## INFORMATION SHOWN
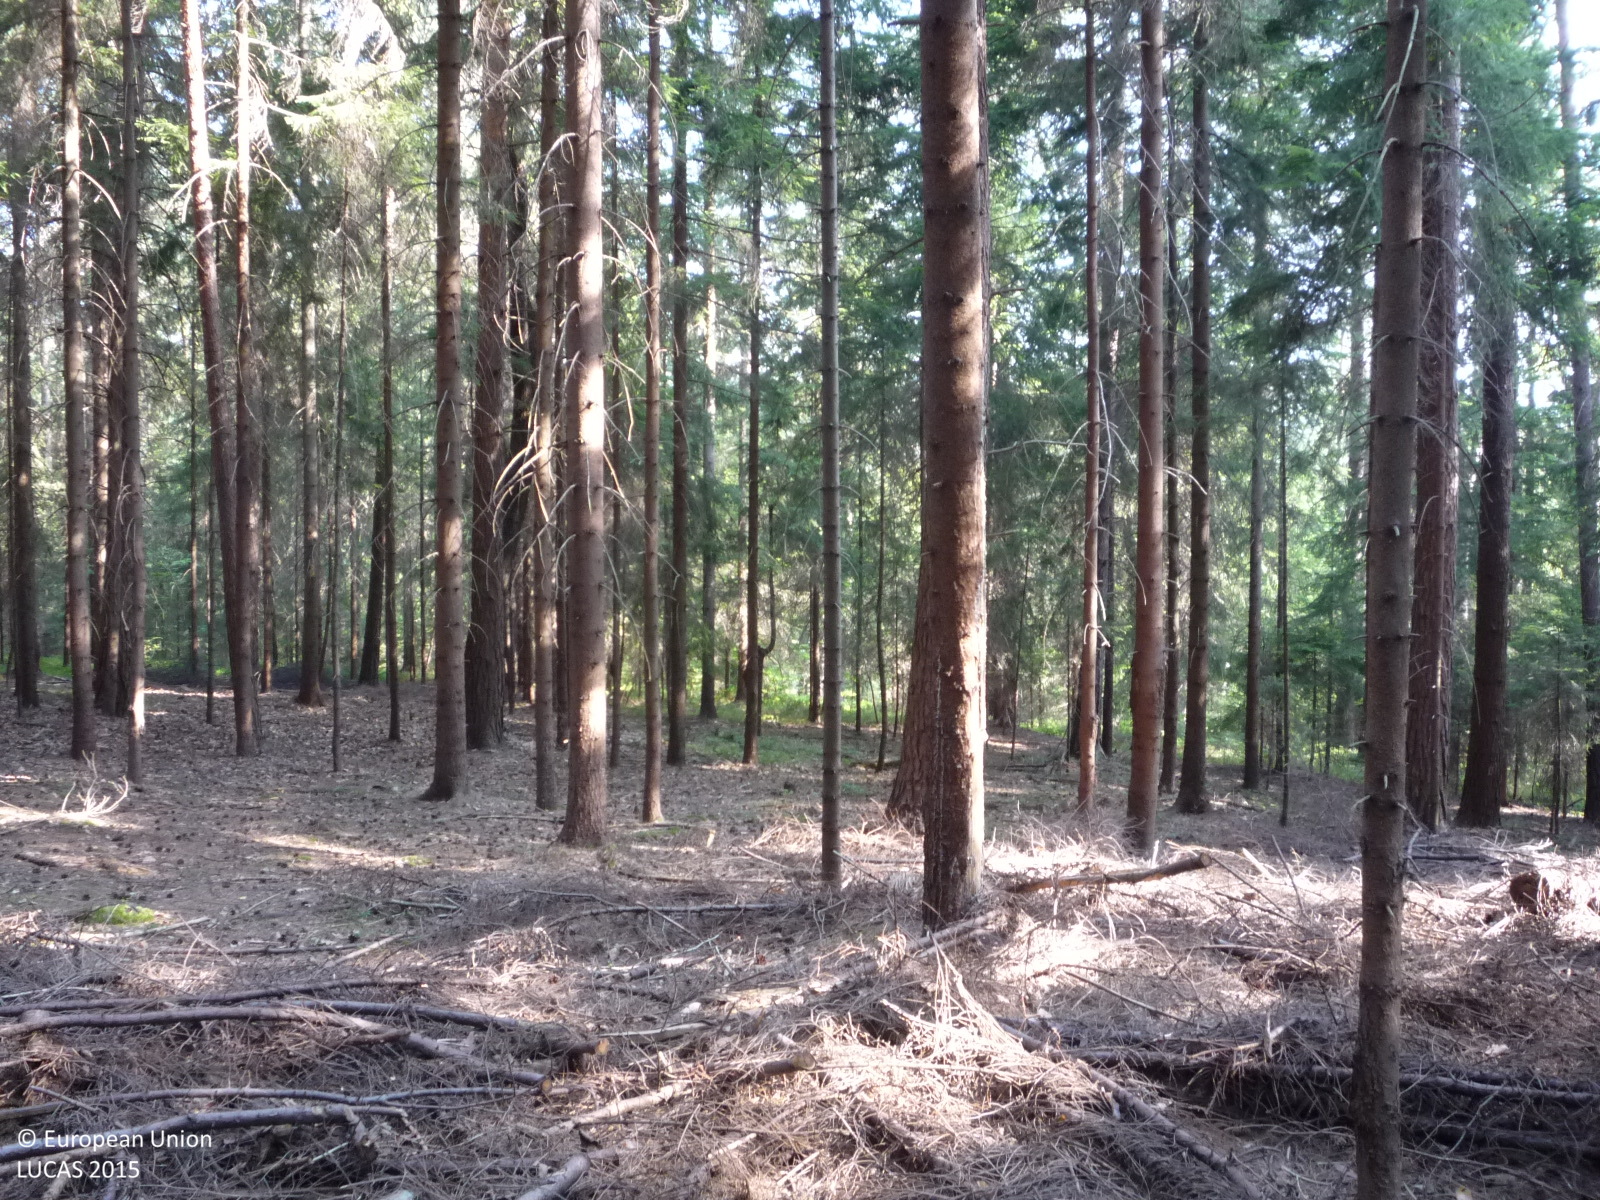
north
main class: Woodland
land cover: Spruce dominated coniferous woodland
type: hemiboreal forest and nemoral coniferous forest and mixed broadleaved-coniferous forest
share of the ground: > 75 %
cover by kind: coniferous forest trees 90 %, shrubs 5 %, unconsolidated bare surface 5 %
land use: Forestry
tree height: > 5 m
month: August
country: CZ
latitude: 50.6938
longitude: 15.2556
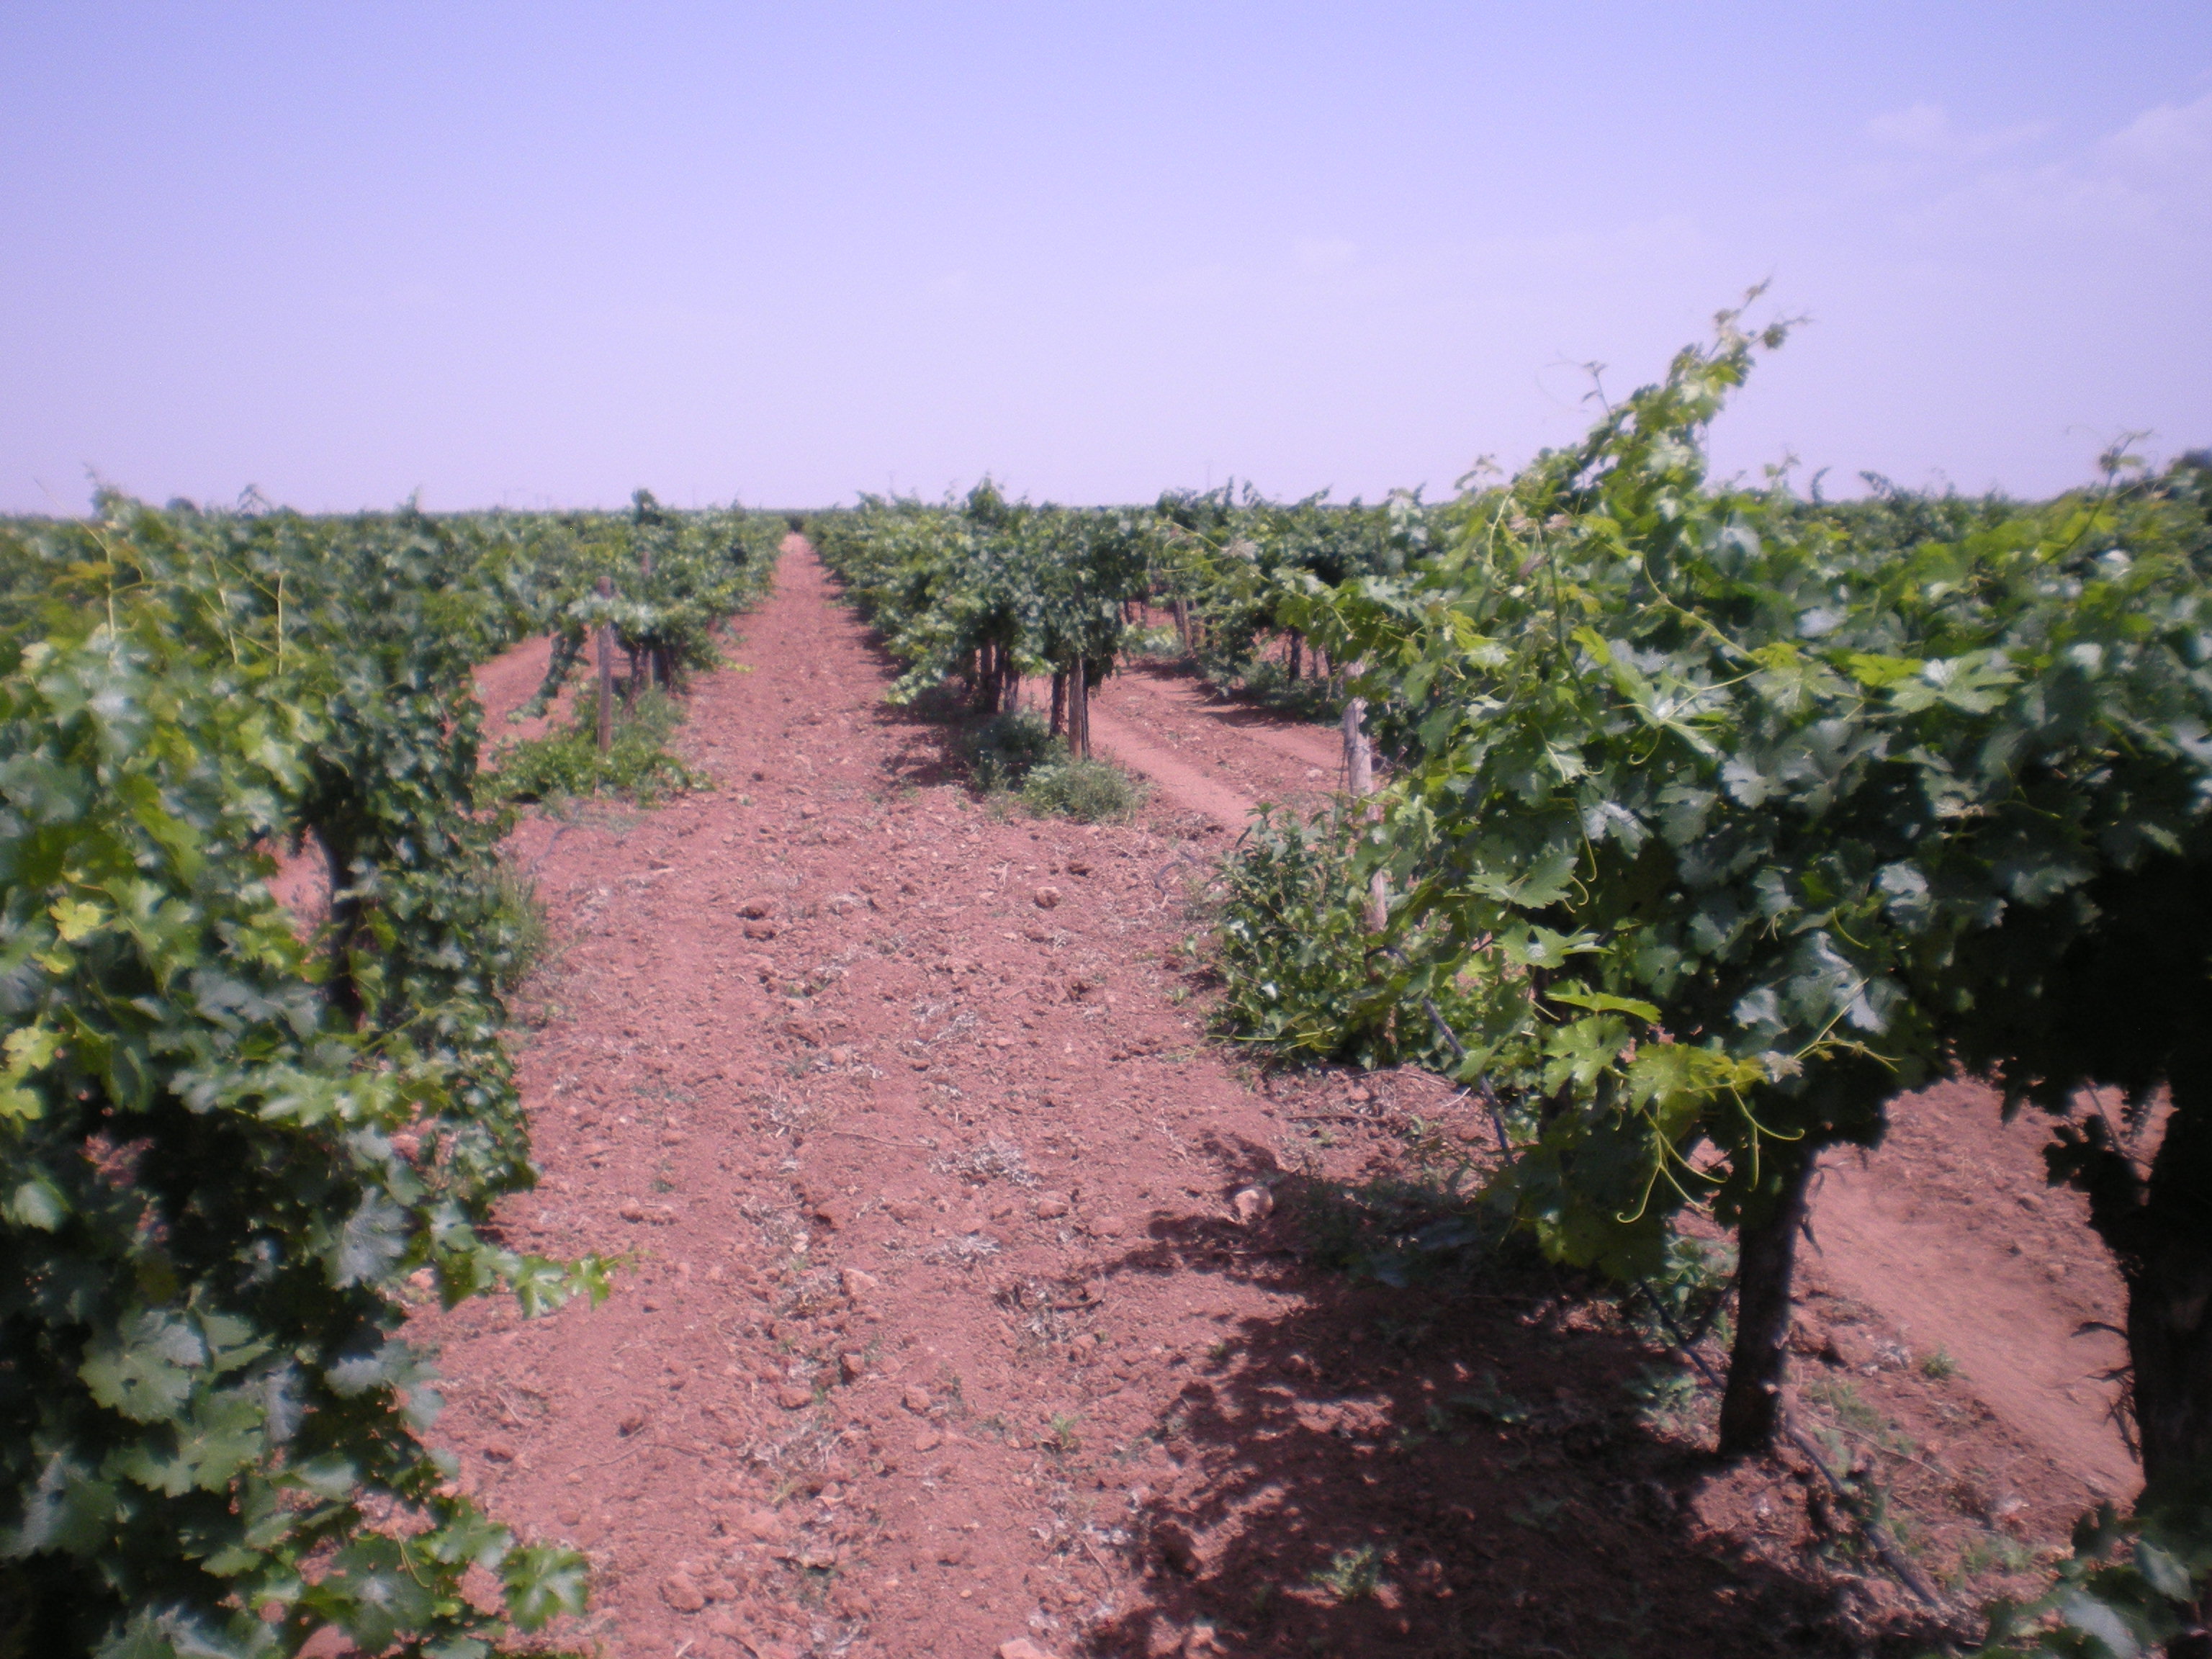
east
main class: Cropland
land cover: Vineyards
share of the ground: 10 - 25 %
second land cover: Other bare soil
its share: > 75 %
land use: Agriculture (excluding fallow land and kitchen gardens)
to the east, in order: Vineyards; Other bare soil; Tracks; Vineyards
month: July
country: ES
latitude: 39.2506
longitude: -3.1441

## GOAL OF THE EXERCISE
Every record above should be written out again exactly; the pictures stay out of the copy.

## SOLUTION TO THIS EXERCISE
north
main class: Woodland
land cover: Spruce dominated coniferous woodland
type: hemiboreal forest and nemoral coniferous forest and mixed broadleaved-coniferous forest
share of the ground: > 75 %
cover by kind: coniferous forest trees 90 %, shrubs 5 %, unconsolidated bare surface 5 %
land use: Forestry
tree height: > 5 m
month: August
country: CZ
latitude: 50.6938
longitude: 15.2556
east
main class: Cropland
land cover: Vineyards
share of the ground: 10 - 25 %
second land cover: Other bare soil
its share: > 75 %
land use: Agriculture (excluding fallow land and kitchen gardens)
to the east, in order: Vineyards; Other bare soil; Tracks; Vineyards
month: July
country: ES
latitude: 39.2506
longitude: -3.1441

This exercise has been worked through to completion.